Ingolstadt liegt in der Donauaue mit stark wechselnden quartären Sedimenten. Fluviatile Kiese, Sande und weiche Auelehme wechseln sich kleinräumig ab, zudem steht das Grundwasser oft oberflächennah an. Ohne punktgenaue Erkundung können Setzungsdifferenzen oder unerwartete Wasserzutritte die Standsicherheit gefährden. Die heterogenen Böden erfordern zwingend direkte Aufschlüsse, um die Tragfähigkeit für das jeweilige Bauwerk verlässlich beurteilen zu können.
Die zentrale Norm ist die DIN 4020, die den geotechnischen Untersuchungsumfang je nach Bauwerkskategorie festlegt. Ergänzend gilt die DIN EN 1997-2 (Eurocode 7) für die Planung und Auswertung von Feldversuchen. In Ingolstadt kommen wasserrechtliche Auflagen hinzu, da Eingriffe ins Grundwasser genehmigungspflichtig sind. Das abschließende Geotechnische Gutachten muss diesen Normen folgen und eine belastbare Gründungsempfehlung enthalten.
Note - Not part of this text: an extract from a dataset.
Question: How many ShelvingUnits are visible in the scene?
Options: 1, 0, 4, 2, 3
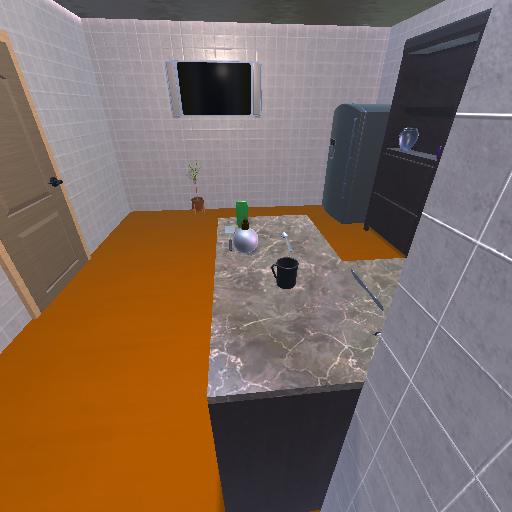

Eine einfache Sondierung wie der CPT-Versuch kann bei gering belasteten Bauwerken auf homogenen Kiesböden genügen, um die Lagerungsdichte zu bestimmen. Sobald jedoch weiche Schichten, organische Böden oder Auffüllungen zu erwarten sind, werden Bohrungen mit Probengewinnung notwendig. Nur so lassen sich Bodenklassifikation, Konsistenz und Scherfestigkeit im Labor zuverlässig ermitteln und die Gründung sicher dimensionieren.
Ohne ausreichende Erkundung drohen massive Bauschäden wie unkontrollierte Setzungen, Grundbruch oder das Einstürzen der Baugrube. Wasserzutritte können die Bauzeit sprengen und Kosten explodieren lassen. Zudem haftet der Bauherr für Schäden aus fehlerhafter Gründung. Ein Verzicht gefährdet die Standsicherheit und kann im Schadensfall zu einem vollständigen wirtschaftlichen Verlust des Projekts führen.